§ Work item: Down to the last line, retype each line of the entries exactly, starting with the one that contains "land cover: Shrubland without tree cover".

Records from a data collection:
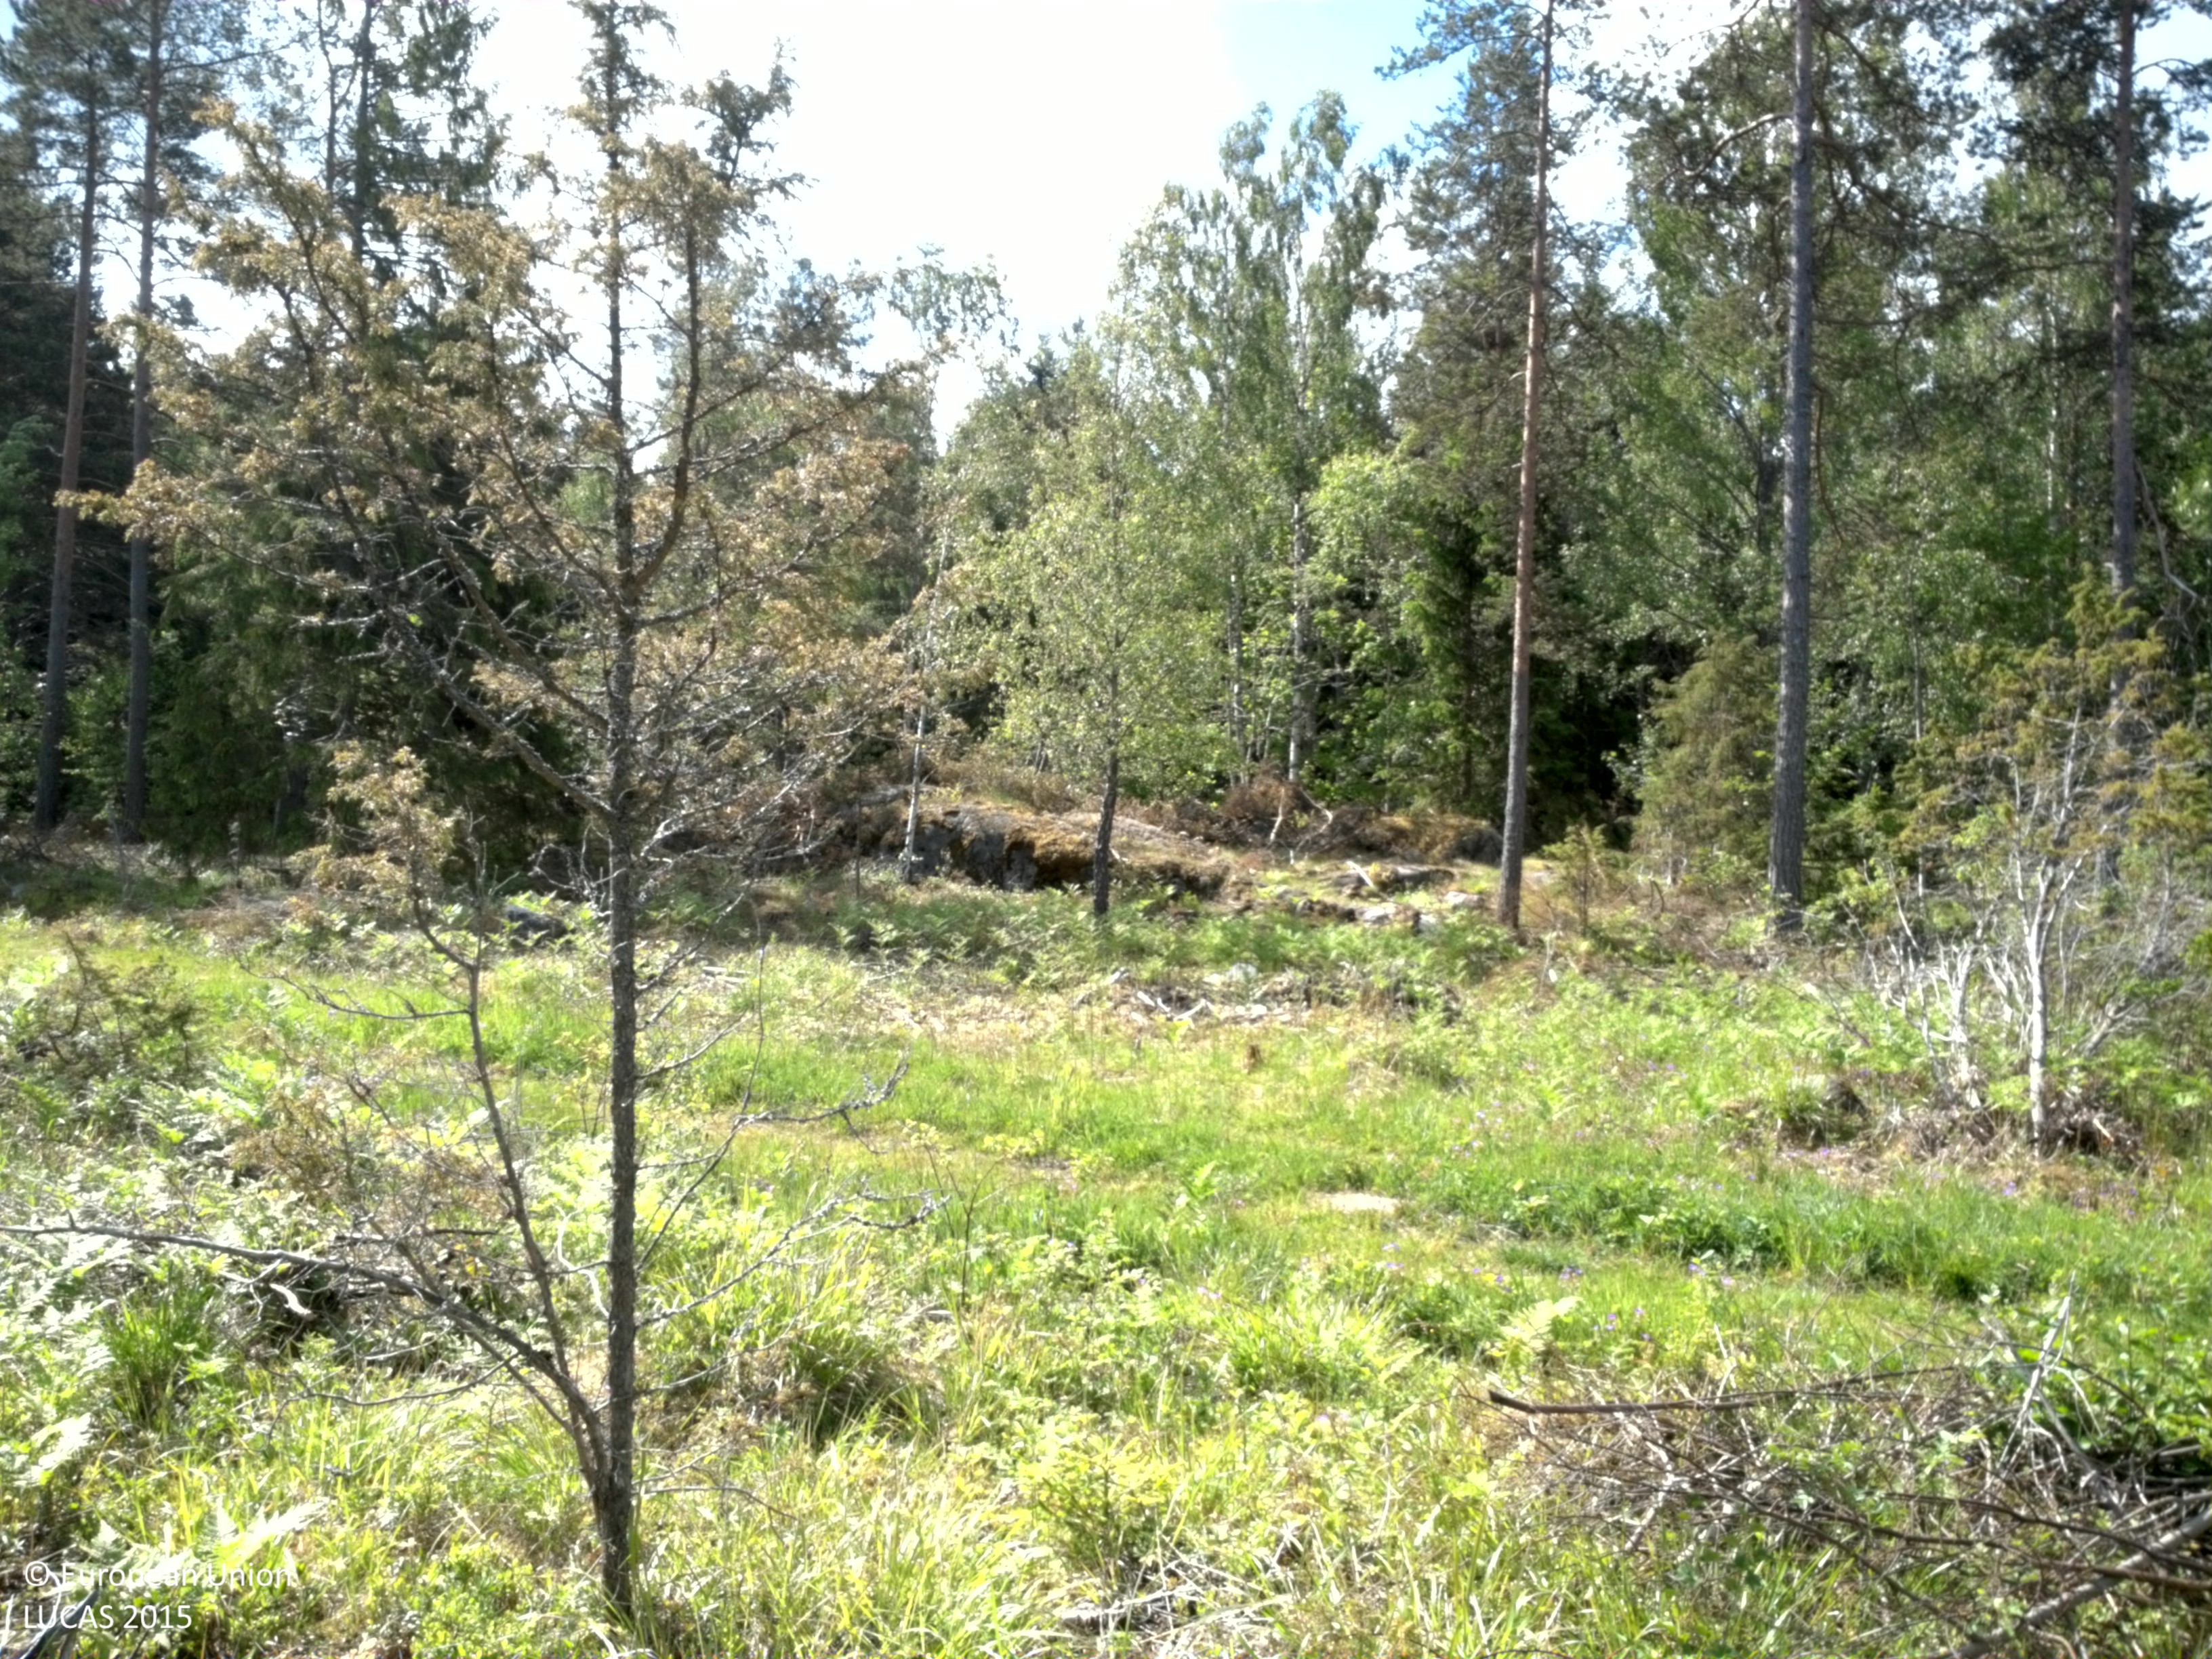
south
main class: Shrubland
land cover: Shrubland without tree cover
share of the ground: 10 - 25 %
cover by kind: herbaceous plants 65 %, shrubs 25 %, lichens and mosses 10 %
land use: Telecommunication
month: June
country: SE
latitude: 60.0560
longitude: 18.7094

§ Written response:
land cover: Shrubland without tree cover
share of the ground: 10 - 25 %
cover by kind: herbaceous plants 65 %, shrubs 25 %, lichens and mosses 10 %
land use: Telecommunication
month: June
country: SE
latitude: 60.0560
longitude: 18.7094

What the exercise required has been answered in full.